Увидев Дискобола на месте Венеры Милосской, пораженный директор боязливо стал к нему приближаться. Матвей Андреевич тоже. Мы со страхом толпились у двери.
И, вдруг, Дискобол выпрямился. Рука, упиравшаяся в ногу, поднялась кверху. Другая – разжалась, отбросив в сторону сковородку, со звоном покатившуюся под Зевса Олимпийского. И мощная фигура древнего атлета пружинисто метнулась вперед, пролетела мимо директора и исчезла, проскочив в открытую дверь дортуара.
– Ерицев? – узнав Дискобола, строго спросил Лев Львович Матвея Андреевича:
– Ерицев! – тоже узнав Дискобола, уныло ответил Матвей Андреевич Льву Львовичу.
В мои времена в карцер уже не сажали. Взамен этого самозванец-дискобол был приговорен к лишению отпуска на рождественские праздники. Нам же, его соучастникам, сбавили в четверти балл за поведение.
* * *
Среди преподавателей упомяну еще одного очень интересного и красочного человека – учителя музыки, чеха Иосифа Ивановича Кункля.

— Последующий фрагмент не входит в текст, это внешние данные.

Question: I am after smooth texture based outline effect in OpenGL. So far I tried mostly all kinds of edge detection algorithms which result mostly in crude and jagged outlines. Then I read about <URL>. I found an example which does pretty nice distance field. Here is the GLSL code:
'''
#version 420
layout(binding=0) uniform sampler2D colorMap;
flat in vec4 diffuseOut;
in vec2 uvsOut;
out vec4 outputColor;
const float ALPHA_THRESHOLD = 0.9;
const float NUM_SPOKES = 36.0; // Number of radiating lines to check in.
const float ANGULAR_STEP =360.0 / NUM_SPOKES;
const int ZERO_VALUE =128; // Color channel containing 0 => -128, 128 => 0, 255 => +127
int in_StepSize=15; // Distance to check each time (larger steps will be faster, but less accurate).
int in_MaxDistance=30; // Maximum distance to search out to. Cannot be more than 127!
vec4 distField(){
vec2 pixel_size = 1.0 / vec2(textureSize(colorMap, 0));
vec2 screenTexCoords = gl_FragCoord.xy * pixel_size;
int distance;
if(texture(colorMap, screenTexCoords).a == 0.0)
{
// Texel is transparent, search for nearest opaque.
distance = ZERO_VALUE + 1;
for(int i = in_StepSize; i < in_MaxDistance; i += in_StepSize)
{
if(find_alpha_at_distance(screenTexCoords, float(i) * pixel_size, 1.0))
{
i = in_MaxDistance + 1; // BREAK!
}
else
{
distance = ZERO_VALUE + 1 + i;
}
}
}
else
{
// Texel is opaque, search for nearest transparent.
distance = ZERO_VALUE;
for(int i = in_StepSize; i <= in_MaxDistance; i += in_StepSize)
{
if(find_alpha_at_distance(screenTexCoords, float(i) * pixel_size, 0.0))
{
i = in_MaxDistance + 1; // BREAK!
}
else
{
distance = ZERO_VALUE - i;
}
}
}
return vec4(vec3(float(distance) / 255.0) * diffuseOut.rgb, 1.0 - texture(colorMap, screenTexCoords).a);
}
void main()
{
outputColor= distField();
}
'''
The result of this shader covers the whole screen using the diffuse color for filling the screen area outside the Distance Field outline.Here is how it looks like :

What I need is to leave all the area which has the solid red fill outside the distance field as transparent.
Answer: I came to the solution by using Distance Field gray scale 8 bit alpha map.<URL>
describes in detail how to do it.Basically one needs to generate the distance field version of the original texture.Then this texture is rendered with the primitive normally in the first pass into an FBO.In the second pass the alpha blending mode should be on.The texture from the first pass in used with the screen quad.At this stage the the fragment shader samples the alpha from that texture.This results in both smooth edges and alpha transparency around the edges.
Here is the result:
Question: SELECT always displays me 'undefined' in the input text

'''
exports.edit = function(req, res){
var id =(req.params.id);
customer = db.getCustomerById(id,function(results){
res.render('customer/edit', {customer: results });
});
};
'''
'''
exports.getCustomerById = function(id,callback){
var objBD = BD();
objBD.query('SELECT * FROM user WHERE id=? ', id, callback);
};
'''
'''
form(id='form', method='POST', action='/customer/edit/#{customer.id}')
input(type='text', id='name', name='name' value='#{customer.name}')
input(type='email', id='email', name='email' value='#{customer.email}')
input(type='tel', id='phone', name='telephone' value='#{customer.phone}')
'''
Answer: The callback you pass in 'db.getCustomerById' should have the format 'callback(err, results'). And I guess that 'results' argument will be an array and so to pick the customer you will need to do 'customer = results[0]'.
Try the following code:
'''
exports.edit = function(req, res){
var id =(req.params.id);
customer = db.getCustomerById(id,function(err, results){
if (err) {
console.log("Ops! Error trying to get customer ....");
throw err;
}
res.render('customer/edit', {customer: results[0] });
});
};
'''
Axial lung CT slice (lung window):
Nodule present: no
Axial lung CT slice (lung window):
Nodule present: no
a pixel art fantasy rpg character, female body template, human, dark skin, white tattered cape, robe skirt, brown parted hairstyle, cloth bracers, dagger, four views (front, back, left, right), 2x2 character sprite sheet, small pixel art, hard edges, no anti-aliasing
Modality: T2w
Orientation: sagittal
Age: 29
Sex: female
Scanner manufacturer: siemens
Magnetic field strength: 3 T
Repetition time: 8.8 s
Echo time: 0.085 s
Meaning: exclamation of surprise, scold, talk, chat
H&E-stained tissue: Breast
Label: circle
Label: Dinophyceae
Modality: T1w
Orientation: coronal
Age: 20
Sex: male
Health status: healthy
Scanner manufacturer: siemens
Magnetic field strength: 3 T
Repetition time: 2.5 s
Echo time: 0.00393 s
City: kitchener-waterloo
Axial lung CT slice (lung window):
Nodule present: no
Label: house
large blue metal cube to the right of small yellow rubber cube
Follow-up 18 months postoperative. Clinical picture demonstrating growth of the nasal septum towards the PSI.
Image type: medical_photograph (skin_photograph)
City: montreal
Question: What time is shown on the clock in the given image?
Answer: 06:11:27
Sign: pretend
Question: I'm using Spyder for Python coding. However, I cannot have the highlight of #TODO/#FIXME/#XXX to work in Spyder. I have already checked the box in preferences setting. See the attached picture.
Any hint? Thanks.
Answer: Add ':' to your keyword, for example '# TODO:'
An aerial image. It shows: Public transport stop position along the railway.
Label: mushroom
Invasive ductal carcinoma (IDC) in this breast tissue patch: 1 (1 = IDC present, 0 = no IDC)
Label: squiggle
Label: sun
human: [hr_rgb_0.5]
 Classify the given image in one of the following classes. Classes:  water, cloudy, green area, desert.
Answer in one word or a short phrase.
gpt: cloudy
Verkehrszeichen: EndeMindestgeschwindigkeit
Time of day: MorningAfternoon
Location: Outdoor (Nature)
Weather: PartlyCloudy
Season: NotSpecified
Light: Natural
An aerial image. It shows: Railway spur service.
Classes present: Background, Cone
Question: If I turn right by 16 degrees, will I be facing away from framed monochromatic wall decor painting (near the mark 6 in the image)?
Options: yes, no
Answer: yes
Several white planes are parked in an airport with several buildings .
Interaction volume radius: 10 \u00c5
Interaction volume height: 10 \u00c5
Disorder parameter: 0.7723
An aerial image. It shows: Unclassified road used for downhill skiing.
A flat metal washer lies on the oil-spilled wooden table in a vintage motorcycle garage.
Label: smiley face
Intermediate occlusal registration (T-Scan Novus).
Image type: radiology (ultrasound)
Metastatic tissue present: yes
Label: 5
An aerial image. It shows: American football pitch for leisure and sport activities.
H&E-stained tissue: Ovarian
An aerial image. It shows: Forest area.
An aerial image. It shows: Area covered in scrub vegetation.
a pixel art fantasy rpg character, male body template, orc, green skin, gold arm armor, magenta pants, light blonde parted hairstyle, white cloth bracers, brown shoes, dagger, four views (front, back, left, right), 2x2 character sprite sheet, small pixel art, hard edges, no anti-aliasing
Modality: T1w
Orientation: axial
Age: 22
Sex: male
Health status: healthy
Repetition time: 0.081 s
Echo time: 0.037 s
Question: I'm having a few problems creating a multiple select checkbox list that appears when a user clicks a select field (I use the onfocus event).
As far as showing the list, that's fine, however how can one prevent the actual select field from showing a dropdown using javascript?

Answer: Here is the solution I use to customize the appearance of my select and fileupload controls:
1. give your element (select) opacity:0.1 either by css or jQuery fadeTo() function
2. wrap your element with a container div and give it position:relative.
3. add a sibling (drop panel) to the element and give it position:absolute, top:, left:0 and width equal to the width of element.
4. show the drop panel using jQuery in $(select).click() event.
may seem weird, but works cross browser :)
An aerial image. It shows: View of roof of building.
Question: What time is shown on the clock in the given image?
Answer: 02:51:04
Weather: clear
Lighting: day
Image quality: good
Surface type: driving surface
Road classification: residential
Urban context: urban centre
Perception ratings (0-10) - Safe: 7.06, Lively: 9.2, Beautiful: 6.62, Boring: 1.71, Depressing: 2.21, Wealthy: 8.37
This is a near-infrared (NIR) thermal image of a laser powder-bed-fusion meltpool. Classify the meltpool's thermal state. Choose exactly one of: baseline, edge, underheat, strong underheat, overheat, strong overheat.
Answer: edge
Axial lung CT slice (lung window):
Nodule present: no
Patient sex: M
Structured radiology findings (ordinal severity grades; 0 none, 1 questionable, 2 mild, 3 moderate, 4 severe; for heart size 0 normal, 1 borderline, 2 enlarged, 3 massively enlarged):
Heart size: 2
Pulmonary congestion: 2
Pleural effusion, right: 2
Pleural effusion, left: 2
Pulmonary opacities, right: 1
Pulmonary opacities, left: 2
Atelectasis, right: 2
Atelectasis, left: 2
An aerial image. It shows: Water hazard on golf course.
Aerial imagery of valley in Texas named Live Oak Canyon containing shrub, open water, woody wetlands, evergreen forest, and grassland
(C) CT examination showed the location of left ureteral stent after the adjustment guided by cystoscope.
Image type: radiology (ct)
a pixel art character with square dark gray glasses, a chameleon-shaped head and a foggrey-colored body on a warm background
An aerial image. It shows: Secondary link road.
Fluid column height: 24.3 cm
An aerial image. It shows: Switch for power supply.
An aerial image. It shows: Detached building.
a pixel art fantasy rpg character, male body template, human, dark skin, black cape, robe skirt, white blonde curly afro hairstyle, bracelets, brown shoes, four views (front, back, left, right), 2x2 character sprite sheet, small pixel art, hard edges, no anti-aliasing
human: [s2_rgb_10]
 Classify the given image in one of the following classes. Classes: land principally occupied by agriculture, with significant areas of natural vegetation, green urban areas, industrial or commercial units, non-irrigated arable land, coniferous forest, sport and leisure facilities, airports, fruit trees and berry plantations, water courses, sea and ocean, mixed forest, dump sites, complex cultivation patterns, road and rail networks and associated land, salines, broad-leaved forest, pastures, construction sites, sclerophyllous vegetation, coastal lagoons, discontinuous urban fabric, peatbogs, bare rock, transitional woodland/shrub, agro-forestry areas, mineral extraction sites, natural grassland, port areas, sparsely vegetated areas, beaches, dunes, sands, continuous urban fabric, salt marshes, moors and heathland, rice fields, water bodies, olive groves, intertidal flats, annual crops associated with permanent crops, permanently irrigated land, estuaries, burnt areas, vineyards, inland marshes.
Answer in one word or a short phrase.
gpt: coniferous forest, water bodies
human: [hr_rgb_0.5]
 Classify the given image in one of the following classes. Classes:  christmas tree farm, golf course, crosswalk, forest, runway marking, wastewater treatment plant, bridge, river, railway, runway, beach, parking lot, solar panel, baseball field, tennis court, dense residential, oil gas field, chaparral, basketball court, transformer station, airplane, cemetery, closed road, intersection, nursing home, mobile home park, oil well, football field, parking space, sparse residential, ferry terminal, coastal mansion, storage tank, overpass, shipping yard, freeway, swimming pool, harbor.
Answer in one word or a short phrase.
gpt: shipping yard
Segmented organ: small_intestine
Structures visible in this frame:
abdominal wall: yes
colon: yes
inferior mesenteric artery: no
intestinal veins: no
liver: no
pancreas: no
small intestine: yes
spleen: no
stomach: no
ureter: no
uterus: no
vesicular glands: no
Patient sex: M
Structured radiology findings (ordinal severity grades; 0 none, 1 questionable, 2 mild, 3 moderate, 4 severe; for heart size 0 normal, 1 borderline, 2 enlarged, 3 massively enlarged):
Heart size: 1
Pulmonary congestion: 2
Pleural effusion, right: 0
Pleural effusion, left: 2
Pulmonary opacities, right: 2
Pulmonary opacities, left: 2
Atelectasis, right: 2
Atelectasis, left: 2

В конце прошлого столетия и в самом начале нынешнего в наших русских гимназиях находилось немало чехов, главным образом в качестве учителей греческого и латинского языков. Почему это – затрудняюсь сказать. Возможно, что в силу симпатий правительства и общественных кругов к младшим братьям славянам. Обычно чехи были весьма добросовестны, хорошо знали предмет, но, к сожалению, часто русский язык был им известен значительно хуже, чем греческий или латинский. Мне рассказывали, например, про одного что, разбирая текст с рассказом о том, как воины варили себе пищу на кораблях, он переводил: «На корабле поднимался дым от пищеварения».
Иосиф Иванович давал уроки музыки желающим по вечерам и создал из учеников недурной «симфонический» оркестр, которым наш директор очень гордился. И, действительно, на ежегодных актах этот оркестр удивлял многочисленных почетных гостей своей сыгранностью и своим бойким исполнением таких номеров, как увертюра к «Дон Жуану» Моцарта, интродукция к опере «Норма» или «Приглашение к вальсу» Карла Марии фон Вебера.
Я участвовал в оркестре в качестве одной из первых скрипок и регулярно посещал вечерние занятия Кункля. Собирались мы группами – по очереди, игравшие на струнных инструментах и на духовых. Только Иосиф Иванович, к сожалению, был очень словоохотлив и уроки сильно затягивал. Особенно много времени уходило у него на анекдоты, которыми он любил щеголять.
– Хотите анекдот? – спрашивал он, когда все мы, «струнные», были уже налицо. И, не ожидая ответа, рассказывал:
– В школе учитель спрашивает ученика: Карл, скажи, которых ты знаешь животных безпозвоночников? – Червичэк, господин учитель. – А еще какого ты знаешь безпозвоночника? – Еще один червичэк, господин учитель. Ха-ха-ха!
И Иосиф Иванович сам начинал хохотать, давая понять, что анекдот окончен.
– А вот еще. В церкву приходит один человек и видит – кругом пусто. Тогда он спрашивает того, который продает свечку: скажите, пожалуйста, почему в церкве никого нет? – Потому нет, – говорит тот, – что никто не пришел. Ха-ха-ха!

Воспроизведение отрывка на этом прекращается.